I would go with the later. Why, because it is more natural. Because that
is the natural allocation path so I do not see why this shouldn't be the
natural demotion path.
>
> |------| |------| |------| |------|
> |PMEM0|---|DRAM0| --- CPU0 --- CPU1 --- |DRAM1| --- |PMEM1|
> |------| |------| |------| |------|
>
> The first one sounds simpler, and the current implementation does so and
> this needs find out the closest PMEM node by recognizing cpuless node.
Unless you are specifying an explicit nodemask then the allocator will
do the allocation fallback for the migration target for you.
> If we prefer go with the second option, it is definitely unnecessary to
> specialize any node.
>
> > > > I would expect that the very first attempt wouldn't do much more than
> > > > migrate to-be-reclaimed pages (without an explicit binding) with a
> > > Do you mean respect mempolicy or cpuset when doing demotion?
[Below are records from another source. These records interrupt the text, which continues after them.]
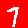
Digit: 7
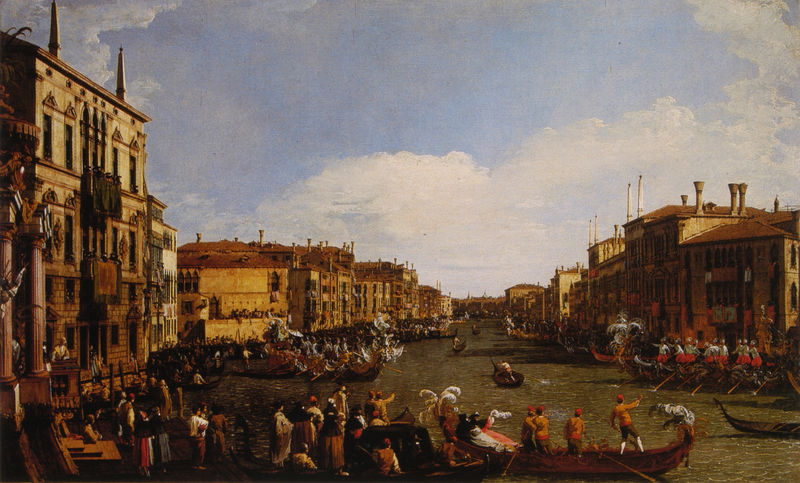
Titel: A Regatta on the Gand Canal
Künstler: Canaletto (Antonio Canal)
Standort: (Großbritannien)
Institution: Royal Collection
Schlagwörter: blau, gemälde, himmel, schatten, wasser, weiß, wolken, fluss, frauen, gelb, grün, landschaft, menschen, ocker, stadt, ufer, braun, fenster, hell, hut, hüte, männer, säule, säulen, dach, gebäude, rot, wolke, ansammlung, fest, leute, malerei, feier, mütze, mützen, architektur, barock, federn, häuser, brücke, kanal, sonne, renaissance, boot, boote, kamin, kamine, paddel, ruder, schornstein, schiffe, wellen, fassade, fassaden, italien, vedute, venedig, röcke, dächer, schornsteine, treppe, ruderer, rudern, stadtansicht, grrün, palast, palazzi, palazzo, kanu, doge, imprssionismus, hmmel, palmen, karneval, canaletto, lagune, häuserfront, canale grande, gondel, gondeln, gondoliere, canal, canal grande, kanäle, grande, massen, galeere, daächer, wasserstraße, stimmt, entschuldigung, etwas, hier nicht, karneval in venedig
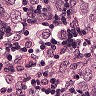
Metastatic tissue present: yes
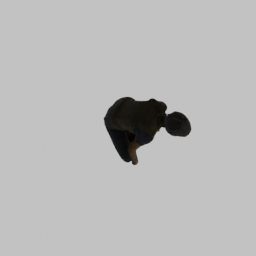
Label: people
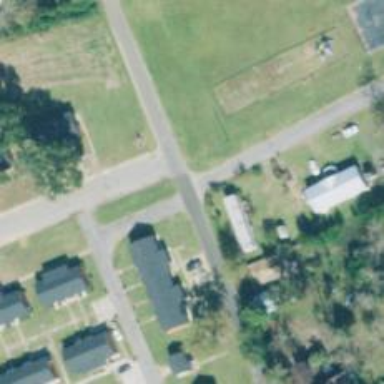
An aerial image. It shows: Residential road.
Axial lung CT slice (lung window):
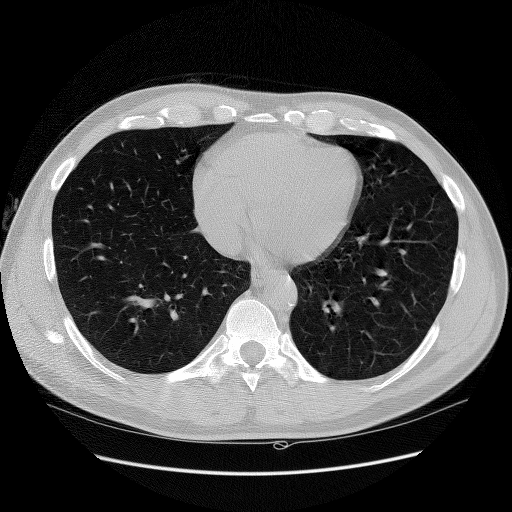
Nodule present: no
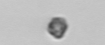
Label: nanoplankton_mix

I was wondering
> > > this, but I didn't do so in the current implementation since it may need
> > > walk the rmap to retrieve the mempolicy in the reclaim path. Is there any
> > > easier way to do so?
> > You definitely have to follow policy. You cannot demote to a node which
> > is outside of the cpuset/mempolicy because you are breaking contract
> > expected by the userspace. That implies doing a rmap walk.
>
> OK, however, this may prevent from demoting unmapped page cache since there
> is no way to find those pages' policy.
I do not really expect that hard numa binding for the page cache is a
usecase we really have to lose sleep over for now.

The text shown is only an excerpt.